How to complete this task> Using the listing below, copy every line that mentions "from".

Data supplied>
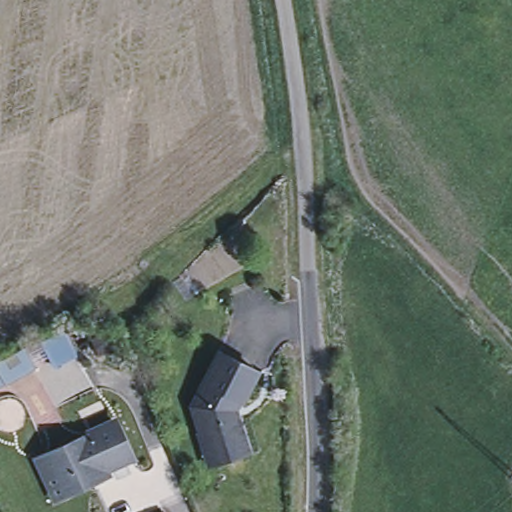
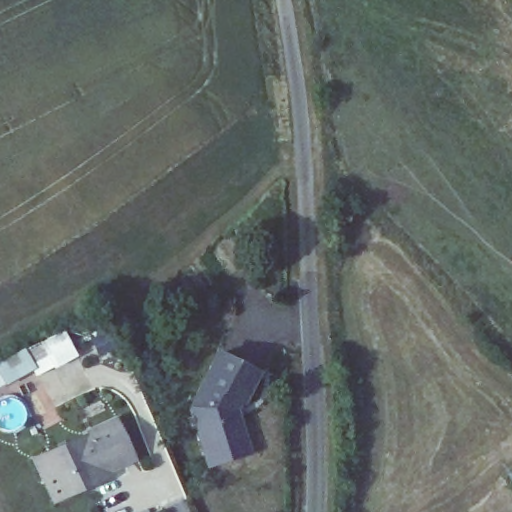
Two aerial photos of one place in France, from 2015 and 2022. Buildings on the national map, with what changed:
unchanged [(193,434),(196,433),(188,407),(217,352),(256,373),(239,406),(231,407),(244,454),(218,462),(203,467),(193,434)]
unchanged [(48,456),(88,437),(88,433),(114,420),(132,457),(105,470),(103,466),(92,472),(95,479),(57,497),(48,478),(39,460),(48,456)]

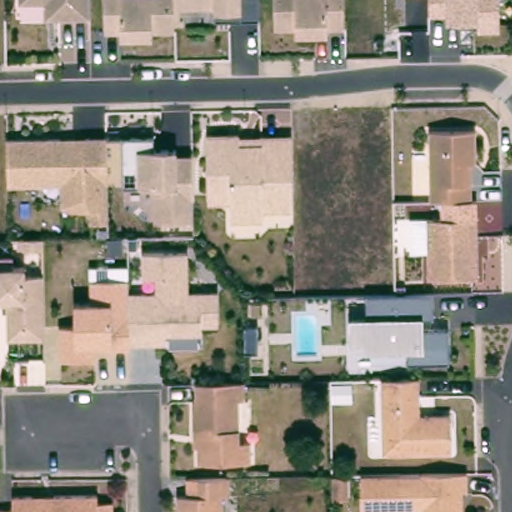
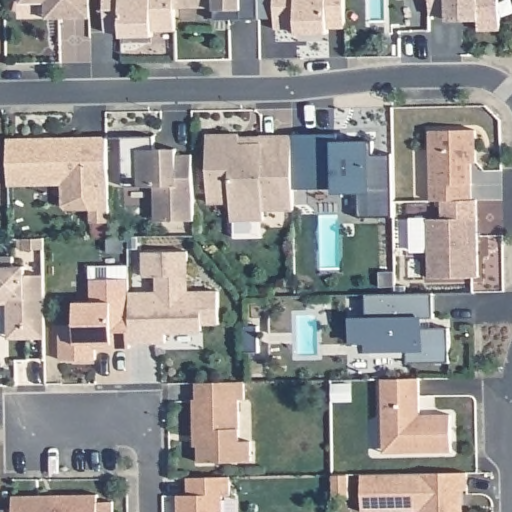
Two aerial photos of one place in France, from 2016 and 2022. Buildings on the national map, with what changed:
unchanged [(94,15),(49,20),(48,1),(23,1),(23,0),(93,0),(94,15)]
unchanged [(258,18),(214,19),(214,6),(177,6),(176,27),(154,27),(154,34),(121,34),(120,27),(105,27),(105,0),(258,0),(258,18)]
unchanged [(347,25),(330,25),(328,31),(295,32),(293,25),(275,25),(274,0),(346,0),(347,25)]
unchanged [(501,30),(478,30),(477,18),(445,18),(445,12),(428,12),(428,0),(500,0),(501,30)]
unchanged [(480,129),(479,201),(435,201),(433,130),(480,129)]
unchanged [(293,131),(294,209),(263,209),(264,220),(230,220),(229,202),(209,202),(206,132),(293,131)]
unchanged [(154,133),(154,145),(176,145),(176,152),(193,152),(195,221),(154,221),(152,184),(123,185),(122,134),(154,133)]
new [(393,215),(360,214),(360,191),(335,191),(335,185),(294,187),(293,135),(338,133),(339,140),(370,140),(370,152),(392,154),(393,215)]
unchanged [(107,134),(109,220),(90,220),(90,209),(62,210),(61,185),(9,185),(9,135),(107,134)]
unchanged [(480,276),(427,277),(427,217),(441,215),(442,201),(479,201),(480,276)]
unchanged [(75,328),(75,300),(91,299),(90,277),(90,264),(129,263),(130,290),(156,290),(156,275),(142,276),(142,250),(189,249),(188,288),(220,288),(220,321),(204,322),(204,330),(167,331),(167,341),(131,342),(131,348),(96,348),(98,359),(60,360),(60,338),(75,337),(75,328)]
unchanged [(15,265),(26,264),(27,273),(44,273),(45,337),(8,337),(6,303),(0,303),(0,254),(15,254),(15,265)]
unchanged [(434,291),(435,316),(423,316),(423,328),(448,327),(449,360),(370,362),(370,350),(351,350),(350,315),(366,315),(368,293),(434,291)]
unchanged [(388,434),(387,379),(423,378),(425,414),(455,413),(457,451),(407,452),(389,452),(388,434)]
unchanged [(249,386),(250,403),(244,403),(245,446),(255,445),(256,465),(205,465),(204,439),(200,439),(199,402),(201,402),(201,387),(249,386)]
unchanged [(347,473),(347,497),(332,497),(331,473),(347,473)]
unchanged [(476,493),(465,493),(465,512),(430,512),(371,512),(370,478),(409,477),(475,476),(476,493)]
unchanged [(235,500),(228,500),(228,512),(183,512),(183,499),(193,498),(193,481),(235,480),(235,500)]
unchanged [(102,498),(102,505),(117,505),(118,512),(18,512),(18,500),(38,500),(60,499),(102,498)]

Task output>
Two aerial photos of one place in France, from 2015 and 2022. Buildings on the national map, with what changed:
Two aerial photos of one place in France, from 2016 and 2022. Buildings on the national map, with what changed:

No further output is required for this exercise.